[Records for this exercise — start]

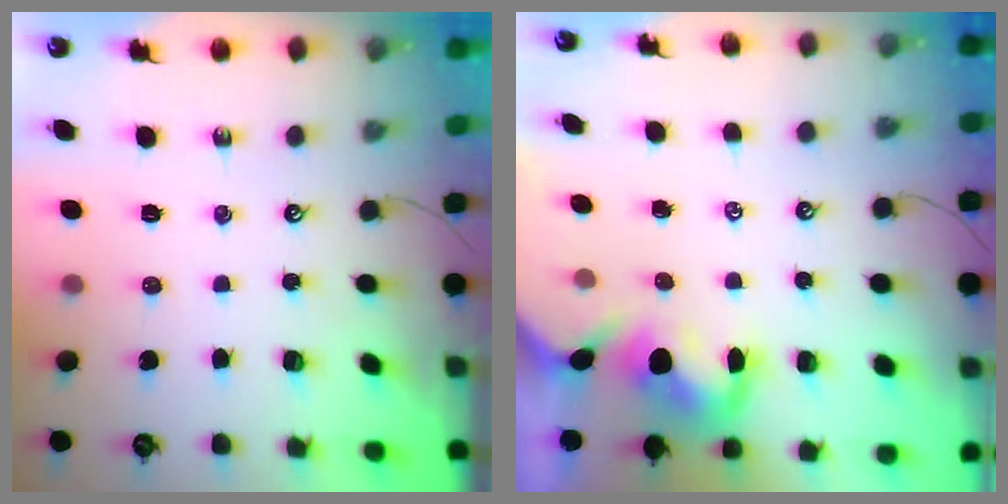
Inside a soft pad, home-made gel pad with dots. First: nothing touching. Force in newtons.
{"total": 1.4, "press": 1.1, "slide": 0.9}
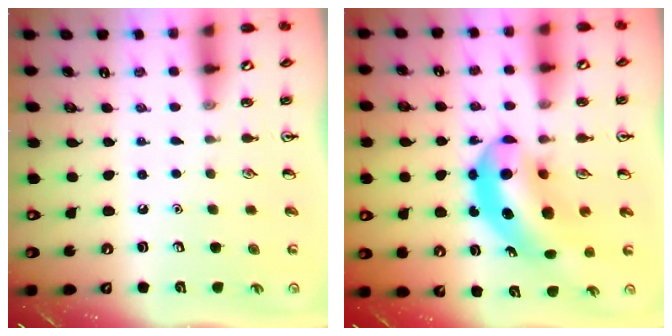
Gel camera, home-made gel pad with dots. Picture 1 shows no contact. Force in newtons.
{"total": 12.3, "press": 11.6, "slide": 3.9}
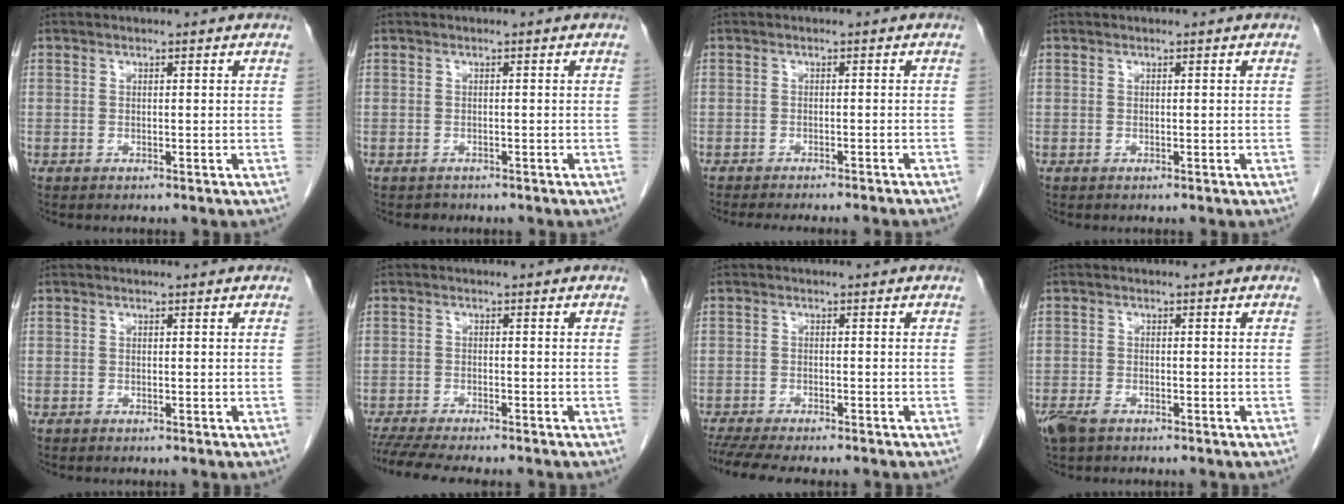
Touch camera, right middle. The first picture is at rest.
{"total": 0.8, "force": [-0.7, 0.4, -0.1], "torque": [-0.011, -0.001, -0.011]}
{"total": 11.1, "force": [-10.1, 0.9, 4.7], "torque": [-0.046, -0.016, -0.119]}
{"total": 0.0}
{"total": 0.0}
{"total": 10.5, "force": [-9.1, 1.3, 5.0], "torque": [-0.071, -0.010, -0.134]}
{"total": 9.9, "force": [-8.4, 1.6, 4.9], "torque": [-0.071, -0.007, -0.124]}
{"total": 4.0, "force": [-2.8, 1.8, 2.2], "torque": [-0.048, -0.007, -0.048]}
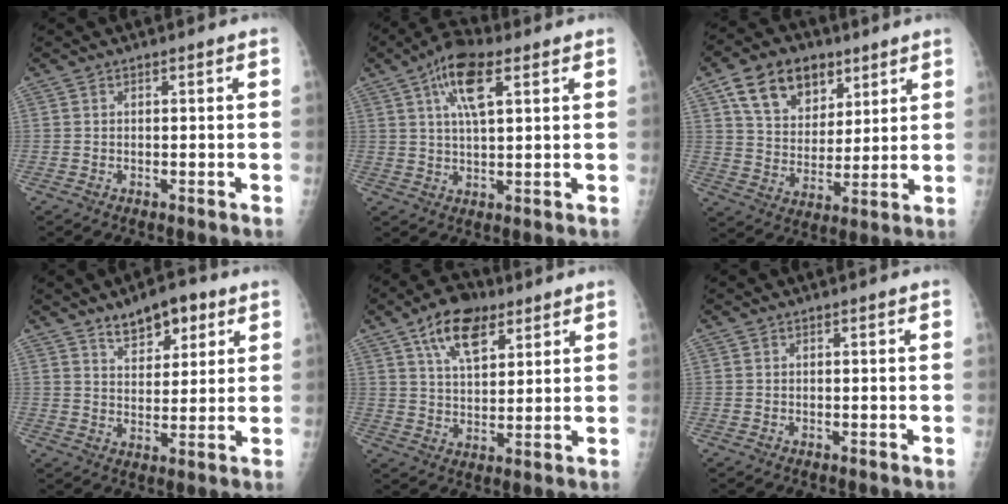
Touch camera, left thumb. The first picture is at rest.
{"total": 9.9, "force": [4.3, 3.7, 8.0], "torque": [-0.143, 0.001, 0.075]}
{"total": 14.5, "force": [7.8, 9.8, 7.4], "torque": [-0.090, -0.027, 0.139]}
{"total": 8.7, "force": [5.5, 4.4, 5.2], "torque": [-0.048, -0.029, 0.085]}
{"total": 12.8, "force": [7.1, 6.5, 8.4], "torque": [-0.119, -0.023, 0.125]}
{"total": 0.0}
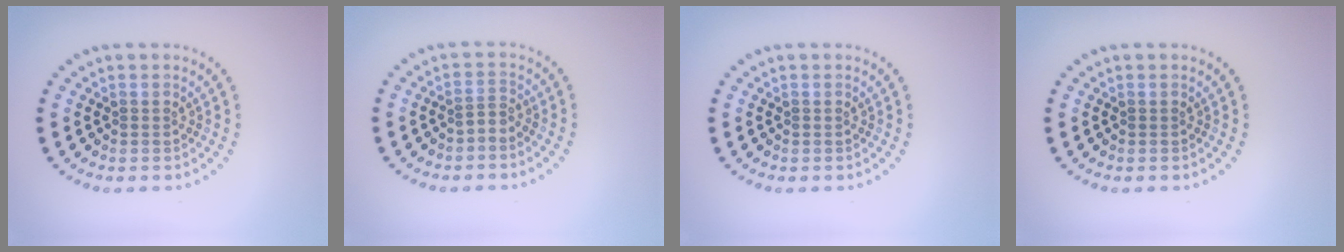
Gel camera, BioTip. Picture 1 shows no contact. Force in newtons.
{"total": 1.0, "press": 0.4, "slide": 0.9}
{"total": 0.0}
{"total": 0.0}
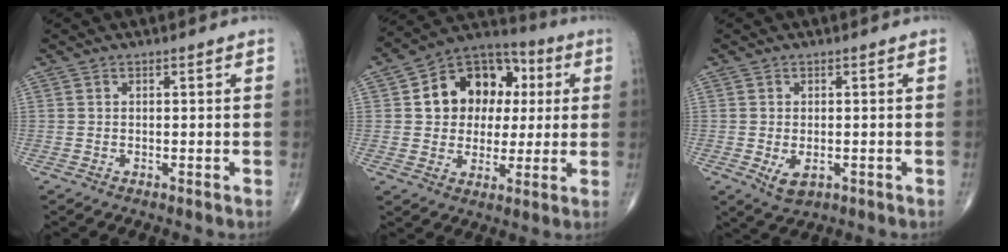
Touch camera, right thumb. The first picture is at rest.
{"total": 15.7, "force": [3.1, 12.1, 9.6], "torque": [-0.099, 0.017, 0.043]}
{"total": 3.7, "force": [-1.1, 2.2, 2.8], "torque": [-0.042, -0.005, -0.009]}
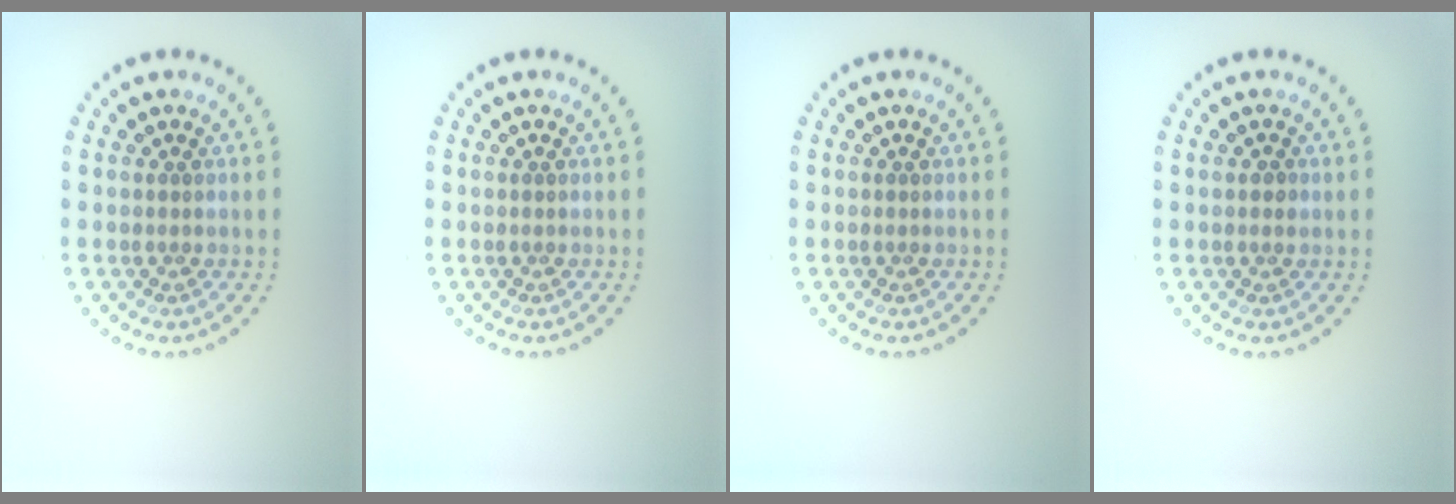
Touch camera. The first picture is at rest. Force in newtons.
{"total": 0.0}
{"total": 0.0}
{"total": 0.7, "press": 0.7, "slide": 0.0}

[Records for this exercise — finish]

-- What to work on --
Retype the records in full. Do not carry over the images.

-- Answer section --
Inside a soft pad, home-made gel pad with dots. First: nothing touching. Force in newtons.
{"total": 1.4, "press": 1.1, "slide": 0.9}
Gel camera, home-made gel pad with dots. Picture 1 shows no contact. Force in newtons.
{"total": 12.3, "press": 11.6, "slide": 3.9}
Touch camera, right middle. The first picture is at rest.
{"total": 0.8, "force": [-0.7, 0.4, -0.1], "torque": [-0.011, -0.001, -0.011]}
{"total": 11.1, "force": [-10.1, 0.9, 4.7], "torque": [-0.046, -0.016, -0.119]}
{"total": 0.0}
{"total": 0.0}
{"total": 10.5, "force": [-9.1, 1.3, 5.0], "torque": [-0.071, -0.010, -0.134]}
{"total": 9.9, "force": [-8.4, 1.6, 4.9], "torque": [-0.071, -0.007, -0.124]}
{"total": 4.0, "force": [-2.8, 1.8, 2.2], "torque": [-0.048, -0.007, -0.048]}
Touch camera, left thumb. The first picture is at rest.
{"total": 9.9, "force": [4.3, 3.7, 8.0], "torque": [-0.143, 0.001, 0.075]}
{"total": 14.5, "force": [7.8, 9.8, 7.4], "torque": [-0.090, -0.027, 0.139]}
{"total": 8.7, "force": [5.5, 4.4, 5.2], "torque": [-0.048, -0.029, 0.085]}
{"total": 12.8, "force": [7.1, 6.5, 8.4], "torque": [-0.119, -0.023, 0.125]}
{"total": 0.0}
Gel camera, BioTip. Picture 1 shows no contact. Force in newtons.
{"total": 1.0, "press": 0.4, "slide": 0.9}
{"total": 0.0}
{"total": 0.0}
Touch camera, right thumb. The first picture is at rest.
{"total": 15.7, "force": [3.1, 12.1, 9.6], "torque": [-0.099, 0.017, 0.043]}
{"total": 3.7, "force": [-1.1, 2.2, 2.8], "torque": [-0.042, -0.005, -0.009]}
Touch camera. The first picture is at rest. Force in newtons.
{"total": 0.0}
{"total": 0.0}
{"total": 0.7, "press": 0.7, "slide": 0.0}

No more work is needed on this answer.